Glen's post got me thinking about what Statistics are essential for a Data Scientist to know about. Her graphic below covers basic probability and statistics - but does not mention actual tests like ANOVA and Chi-Square, which are behind everything you see on this chart:
|Image source: Data Science Central (by kind permission of Stephanie Glen).
When I finished my postgraduate studies (in 1987!) I can remember saying to myself thank goodness I will never have to perform multivariate analysis or an ANOVA again. Little did I know at the time that 25 years later I would be teaching two modules on Statistics, and that this subject would become a hugely enjoyable part of my academic life. Statistics is the Science of Data, and if we are to be analytical and accurate with our data analysis - the study of statistics must form part of our training.
I doubt that many data analytical reports being written today will contain the results of a t Test (for comparison of two normally distributed data sets) or a two-way ANOVA (Analysis of Variance between three or more samples). But there will be charts and data tables so that links, trends, patterns, and relationships can be identified and analysed. Dashboards can summarize huge amounts of data in a small space, but I've never seen one that displays a p value.
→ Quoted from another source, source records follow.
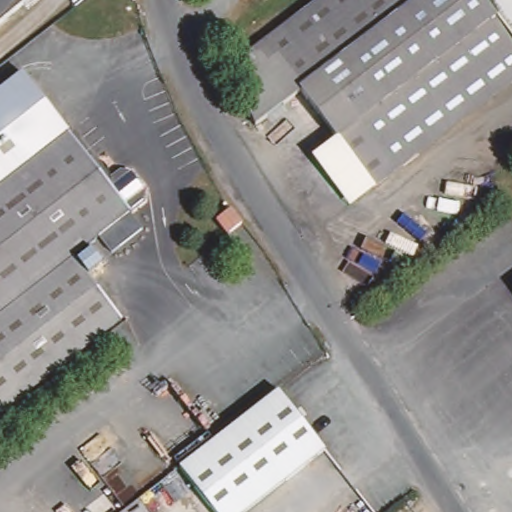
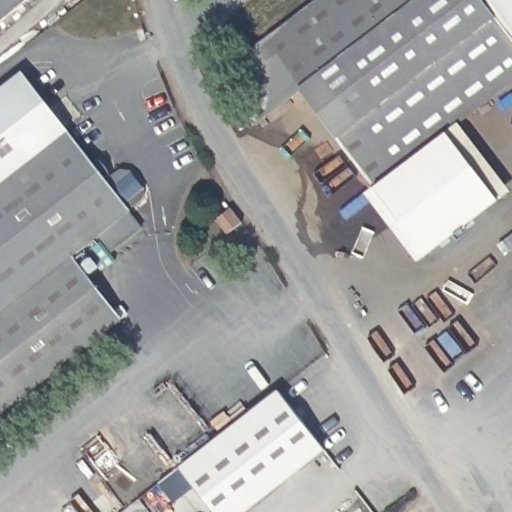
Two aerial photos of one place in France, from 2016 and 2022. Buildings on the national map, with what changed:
unchanged [(0,25),(0,0),(29,0),(0,25)]
unchanged [(373,186),(302,90),(259,120),(256,122),(242,92),(234,74),(229,64),(242,54),(250,48),(315,0),(415,0),(317,74),(392,172),(373,186)]
unchanged [(512,84),(392,172),(317,74),(415,0),(512,0),(512,84)]
unchanged [(87,282),(122,325),(0,421),(0,94),(22,77),(39,100),(69,137),(106,185),(120,174),(131,175),(144,192),(142,202),(129,214),(131,216),(129,217),(142,233),(112,258),(98,242),(87,251),(103,270),(87,282)]
new [(511,190),(497,202),(427,256),(417,262),(364,192),(373,186),(392,172),(446,132),(459,124),(511,190)]
unchanged [(230,207),(242,222),(227,234),(216,219),(230,207)]
unchanged [(279,389),(326,449),(245,512),(213,512),(179,468),(279,389)]

However, if you want to classify data, make predictions and recommendations through machine learning - then you have to start with Bayesian statistics as Glen suggests in her chart. If you want to decide whether to include or exclude outlying data - then you have to understand central tendency and probability distributions. If you want to search for clusters or groups of data - then you have to study methods such as PCA (Principal Component Analysis) and correlation. If you want to take the guesswork out of data analysis - then you have to perform statistical tests and understand p values.
In short, if you want to be a great data scientist - you have to study statistics!